*** Begin section ***

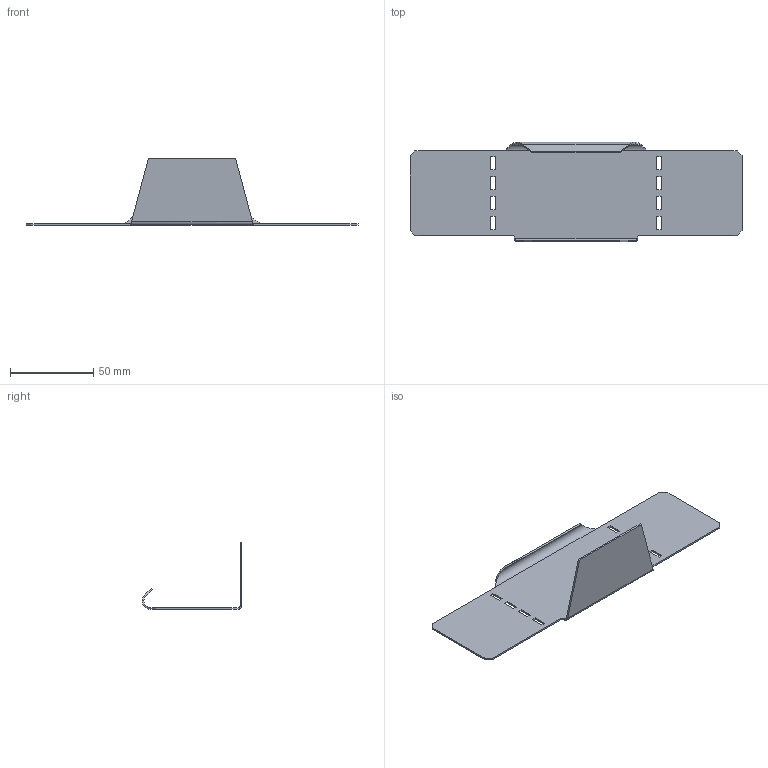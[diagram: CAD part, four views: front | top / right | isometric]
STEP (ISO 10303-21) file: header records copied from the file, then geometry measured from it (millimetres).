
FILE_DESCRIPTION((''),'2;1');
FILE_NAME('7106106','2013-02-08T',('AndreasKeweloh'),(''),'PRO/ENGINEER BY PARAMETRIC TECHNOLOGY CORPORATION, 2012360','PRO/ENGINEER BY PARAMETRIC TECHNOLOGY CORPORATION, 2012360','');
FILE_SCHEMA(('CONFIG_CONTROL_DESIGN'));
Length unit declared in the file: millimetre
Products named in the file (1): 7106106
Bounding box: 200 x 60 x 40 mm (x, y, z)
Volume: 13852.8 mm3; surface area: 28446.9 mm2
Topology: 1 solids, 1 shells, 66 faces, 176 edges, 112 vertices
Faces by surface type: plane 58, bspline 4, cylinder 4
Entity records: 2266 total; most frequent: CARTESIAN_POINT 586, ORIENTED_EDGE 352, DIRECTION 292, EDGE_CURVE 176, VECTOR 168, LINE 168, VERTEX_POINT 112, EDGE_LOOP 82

*** End section ***

EXERCISE: With the pictures left aside, write out all of the records above exactly.

SOLVED PROBLEM:
[diagram: CAD part, four views: front | top / right | isometric]
STEP (ISO 10303-21) file: header records copied from the file, then geometry measured from it (millimetres).
FILE_DESCRIPTION((''),'2;1');
FILE_NAME('7106106','2013-02-08T',('AndreasKeweloh'),(''),'PRO/ENGINEER BY PARAMETRIC TECHNOLOGY CORPORATION, 2012360','PRO/ENGINEER BY PARAMETRIC TECHNOLOGY CORPORATION, 2012360','');
FILE_SCHEMA(('CONFIG_CONTROL_DESIGN'));
Length unit declared in the file: millimetre
Products named in the file (1): 7106106
Bounding box: 200 x 60 x 40 mm (x, y, z)
Volume: 13852.8 mm3; surface area: 28446.9 mm2
Topology: 1 solids, 1 shells, 66 faces, 176 edges, 112 vertices
Faces by surface type: plane 58, bspline 4, cylinder 4
Entity records: 2266 total; most frequent: CARTESIAN_POINT 586, ORIENTED_EDGE 352, DIRECTION 292, EDGE_CURVE 176, VECTOR 168, LINE 168, VERTEX_POINT 112, EDGE_LOOP 82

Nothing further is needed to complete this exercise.